I have to prove that if $\displaystyle a,b,c\in\mathbb{Z}$ Show that $\displaystyle gcd(a,b)=1$ and $gcd(a,c)=1$ iff $\displaystyle gcd(a,lcm[b,c])=1$ I've tried proving the forward direction and im stuck. Here is what I have so far.

proof: $\displaystyle \rightarrow$: Assume $\displaystyle gcd(a,b)=1$ and $gcd(a,c)=1 $. Assume further that $\displaystyle gcd(a,[b,c])\neq 1 $. Let $\displaystyle d=(a,[b,c])$ which implies that $\displaystyle d|a$ and $d|[b,c] \implies d|b$ or $d|c $

Case 1: Suppose $\displaystyle d|b$ and $d\nmid c $. Since $\displaystyle d|a$ and $d|b$ and since $\displaystyle gcd(a,b)=1$ then d is a common multiple of $\displaystyle gcd(a,b)$ thus $\displaystyle d=1$ A contradiction.
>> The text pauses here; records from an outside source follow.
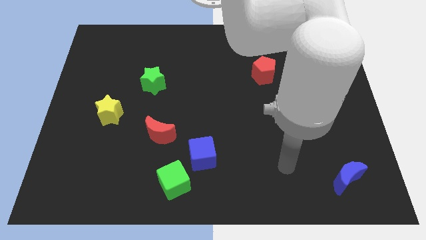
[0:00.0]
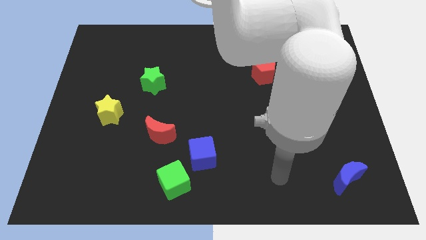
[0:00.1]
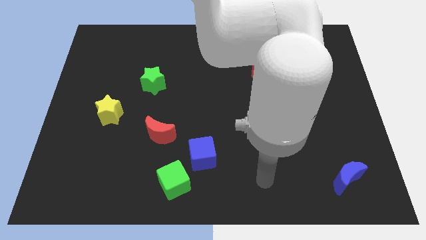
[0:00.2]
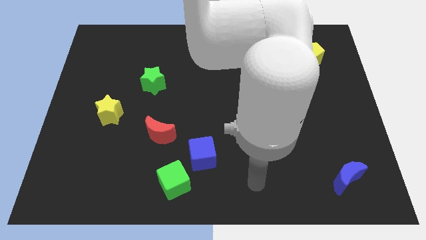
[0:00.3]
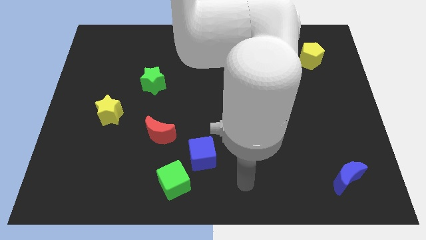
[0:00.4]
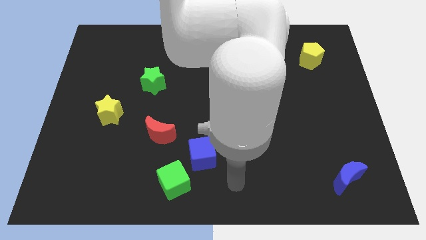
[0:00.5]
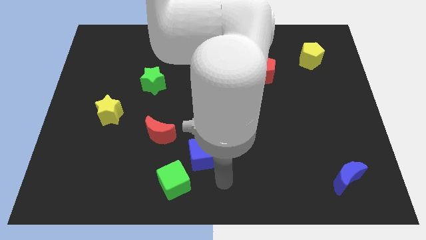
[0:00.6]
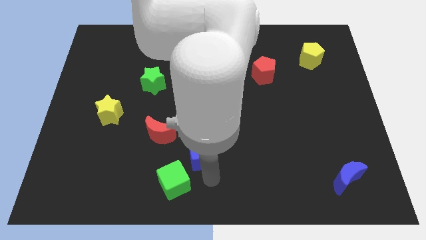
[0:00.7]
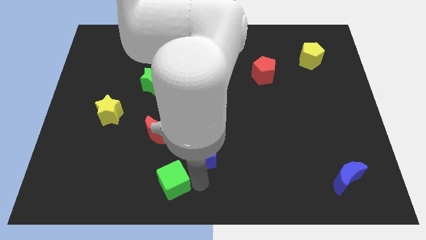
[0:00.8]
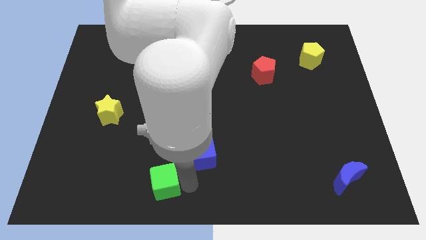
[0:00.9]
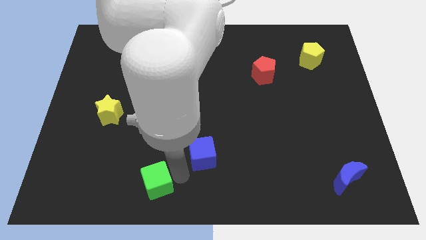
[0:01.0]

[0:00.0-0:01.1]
move the blue cube away from the green cube

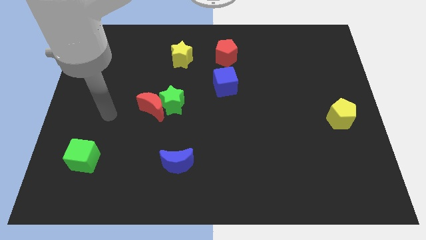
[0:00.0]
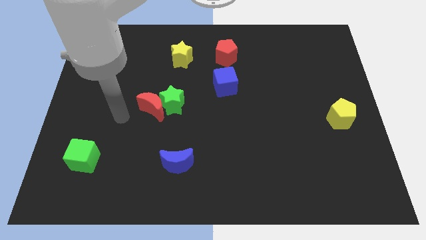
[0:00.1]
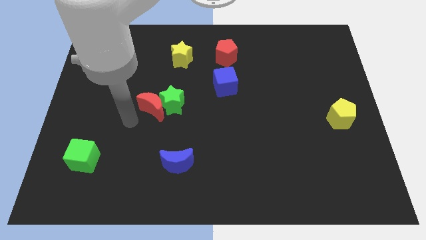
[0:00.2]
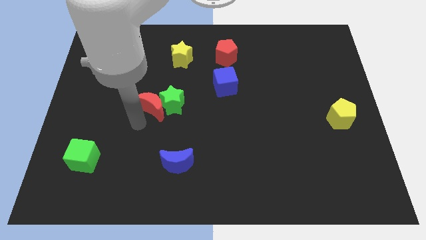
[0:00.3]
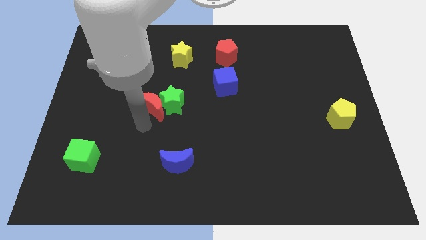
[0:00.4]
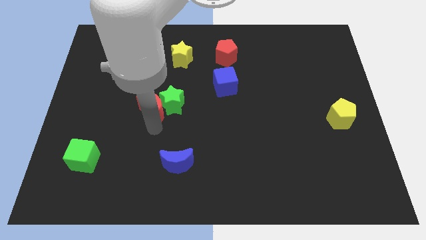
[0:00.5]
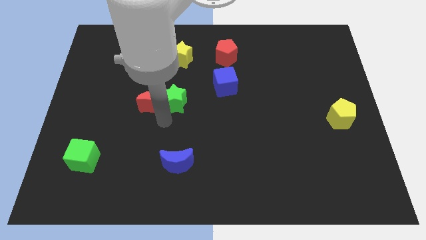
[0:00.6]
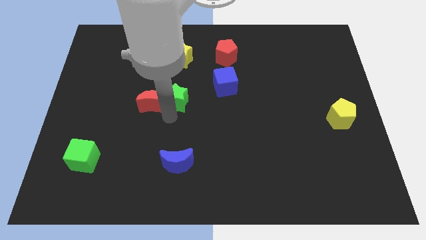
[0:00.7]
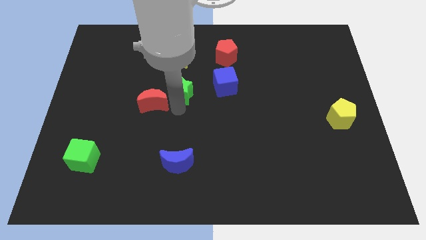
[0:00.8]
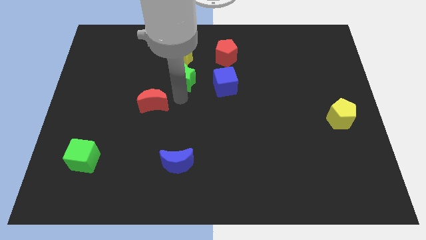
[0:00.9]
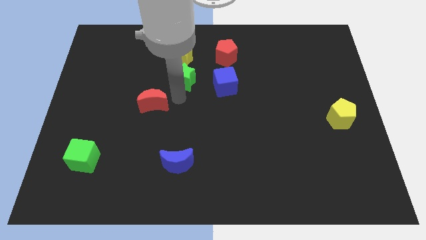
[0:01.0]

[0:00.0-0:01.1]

Case 2: Suppose $\displaystyle d\nmid b$ and $d|c $. Same here as case 1 and d=1. A contradiction.

Case 3: Suppose $\displaystyle d|b$ and $d|c $ Since $\displaystyle gcd(a,b)=1$ and $gcd(a,c)=1$ and $d|a$,$\displaystyle d|b$, and $d|c $ then $\displaystyle d=1$ A contradiction.\

Would this be right?